“Сивка-Бурка” http://vesemir.blogspot.nl/2017/03/blog-post_24.html
В продолжение темы, поднятой Максимом Сухаревым в его заметке “”Предки” как безликое множество” (https://vk.com/wall-119055965_7943).
Противопоставление “традиционного” понимания Предков как “множества неразличимых существ” “современному” их пониманию как личностей – в корне неверно.
По одной простой причине – в Традиции есть и то и это. Приведу несколько примеров:
Вот фольклорный мотив из хорошо известной сказки: “Ярче всего эта фигура отложилась в сказке «Сивко-Бурко». Здесь говорится: «Отец стал умирать и говорит: „Дети! Как я умру, вы каждый поочередно ходите на могилу ко мне спать по три ночи” — и умер. Старика схоронили. Приходит ночь; надо большому брату ночевать на могиле, а ему кое лень, кое боится, он и говорит малому брату: „Иван-дурак! Поди-ка к отцу на могилу, ночуй за меня. Ты ничего же не делаешь!” Иван-дурак собрался, пришел на могилу, лежит; в полночь вдруг могила расступилась, старик выходит и спрашивает: „Кто тут? Ты большой сын?” — „Нет, батюшка! Я, Иван-дурак”. Старик узнал его и спрашивает: „Что же больш-от сын не пришел?” — „А он меня послал, батюшка!” — „Ну, твое счастье!” Старик свистнул, гайкнул богатырским посвистом: „Сивко-Бурко, вещий воронко!” Сивко бежит, только земля дрожит, из очей искры сыплются, из ноздрей дым столбом. „Вот тебе, сын мой, добрый конь! А ты, конь, служи ему, как мне служил!” Проговорил это старик, лег в могилу» (Аф. 179).”
(В.Я. Пропп. Исторические корни волшебной сказки. М.: Лабиринт, 2000. Стр. 122.)
Герою сказки волшебного коня дарят не “абстрактные” Предки, а вполне конкретный Предок – его отец.
Вот ещё один пример: “Так, в одной сказке (См. 306) читаем: «После матери братьям досталось каждому по корове. Иван-дурак взял свою корову и повел в лес к тому месту, где была схоронена мать. Привел и говорит: „Мать, нужно тебе корову?” — „Нужно, — говорит мать, — привязывай””.
(В.Я. Пропп. Исторические корни волшебной сказки. М.: Лабиринт, 2000. Стр. 122.)

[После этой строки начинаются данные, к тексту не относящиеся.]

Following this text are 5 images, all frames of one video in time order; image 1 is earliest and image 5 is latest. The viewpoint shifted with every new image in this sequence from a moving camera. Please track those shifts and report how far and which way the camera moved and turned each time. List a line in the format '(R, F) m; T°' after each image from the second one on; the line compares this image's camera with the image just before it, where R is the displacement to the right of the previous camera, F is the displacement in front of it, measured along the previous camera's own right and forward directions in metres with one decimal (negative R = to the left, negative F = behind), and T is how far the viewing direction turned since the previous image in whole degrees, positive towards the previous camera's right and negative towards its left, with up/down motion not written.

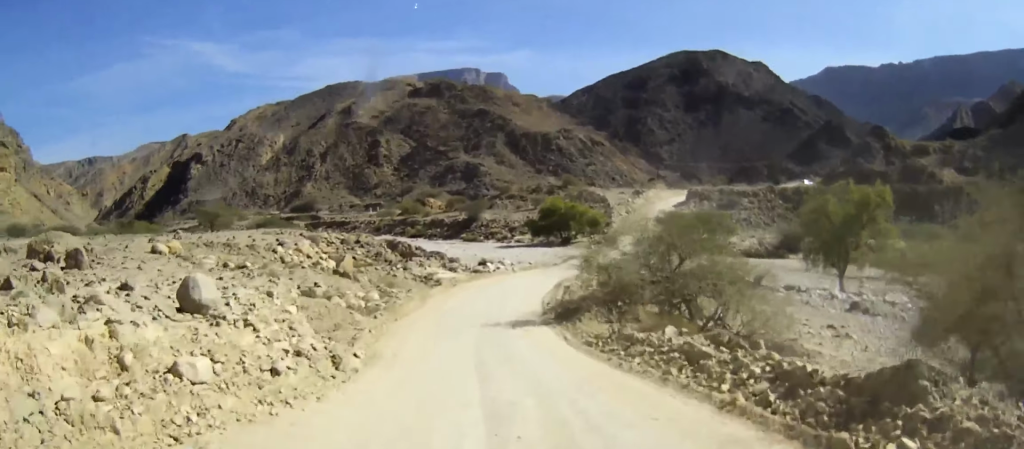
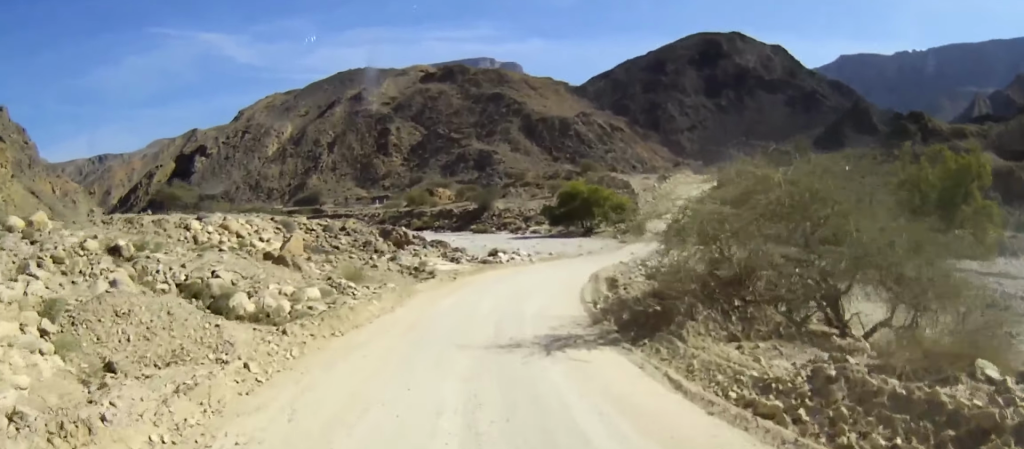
(-0.2, +13.1) m; -1°
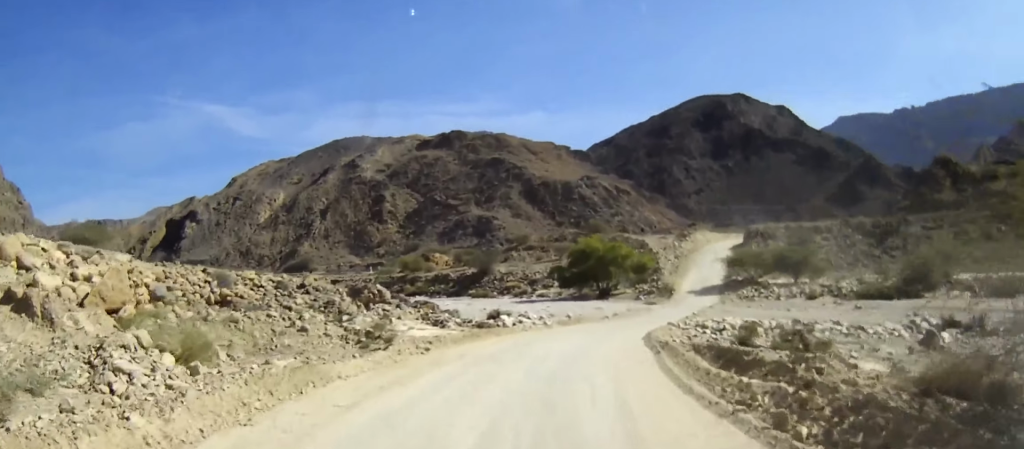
(0.0, +14.4) m; +1°
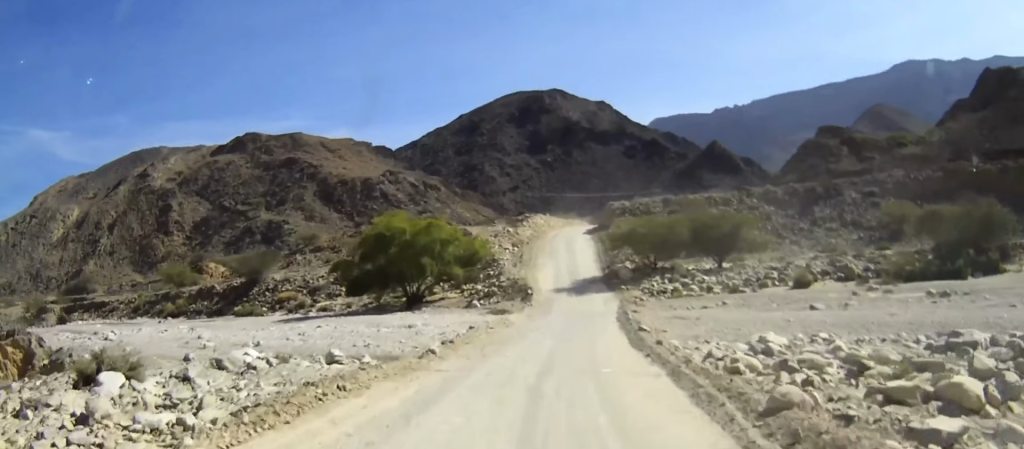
(+3.6, +32.2) m; +15°
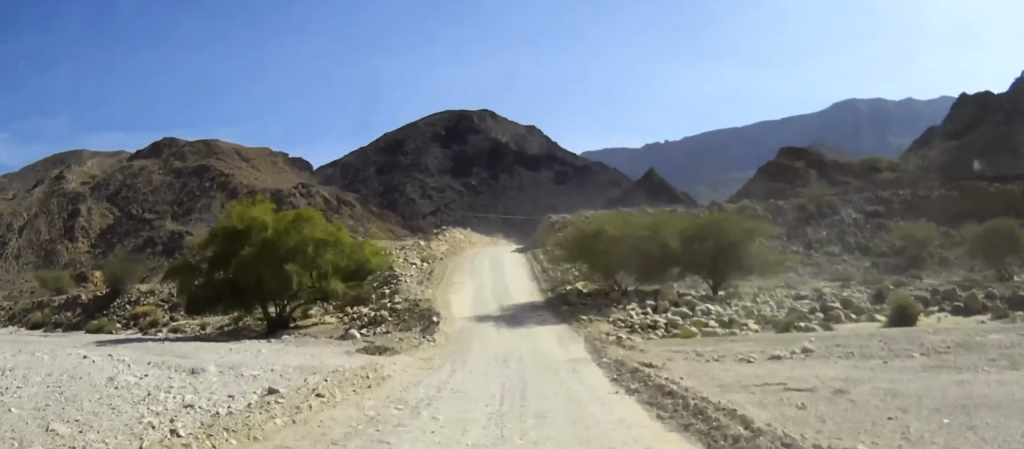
(+1.2, +17.3) m; +6°
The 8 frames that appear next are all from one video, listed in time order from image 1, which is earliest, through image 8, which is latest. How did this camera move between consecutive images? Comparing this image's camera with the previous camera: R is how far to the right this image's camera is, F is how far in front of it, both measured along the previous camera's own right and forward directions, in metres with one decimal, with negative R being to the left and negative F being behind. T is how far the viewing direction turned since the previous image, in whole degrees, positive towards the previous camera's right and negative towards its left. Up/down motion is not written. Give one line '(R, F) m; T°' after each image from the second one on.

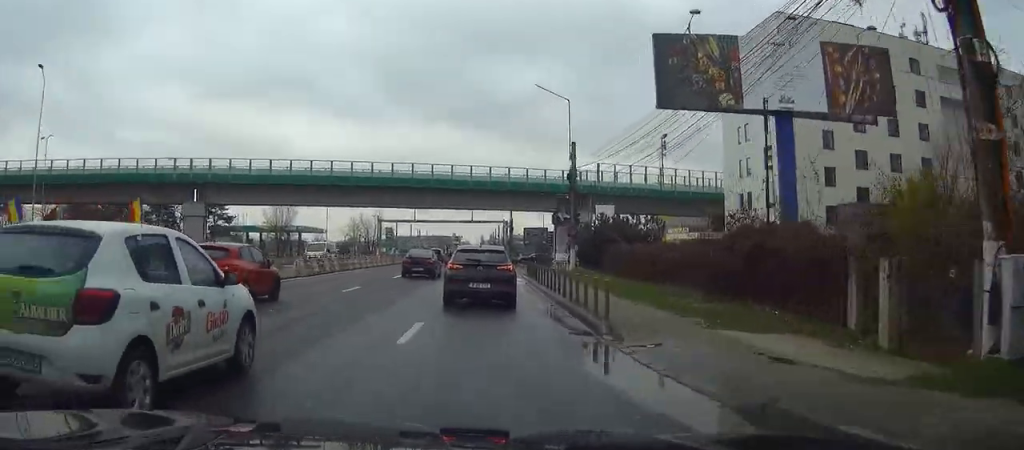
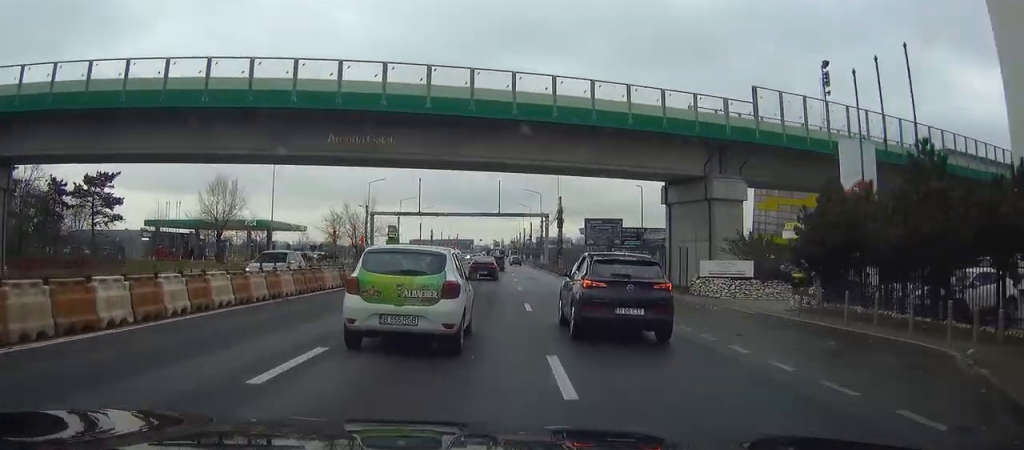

Опять же, общение происходит не с “абстрактными” Предками, а с родной матерью.
В обрядовой песне поётся:
“А я етой тучи не боюся,
А я етой грозной не боюся.
А у етой туче – мой батюшка,
А у етой туче – мой родненький.
А у етой туче – моя матушка,
А у етой туче – моя родная .”
Снова мы видим обращение не к “абстрактным” Предкам, не к “родителям вообще”, а к своему отцу и своей матери.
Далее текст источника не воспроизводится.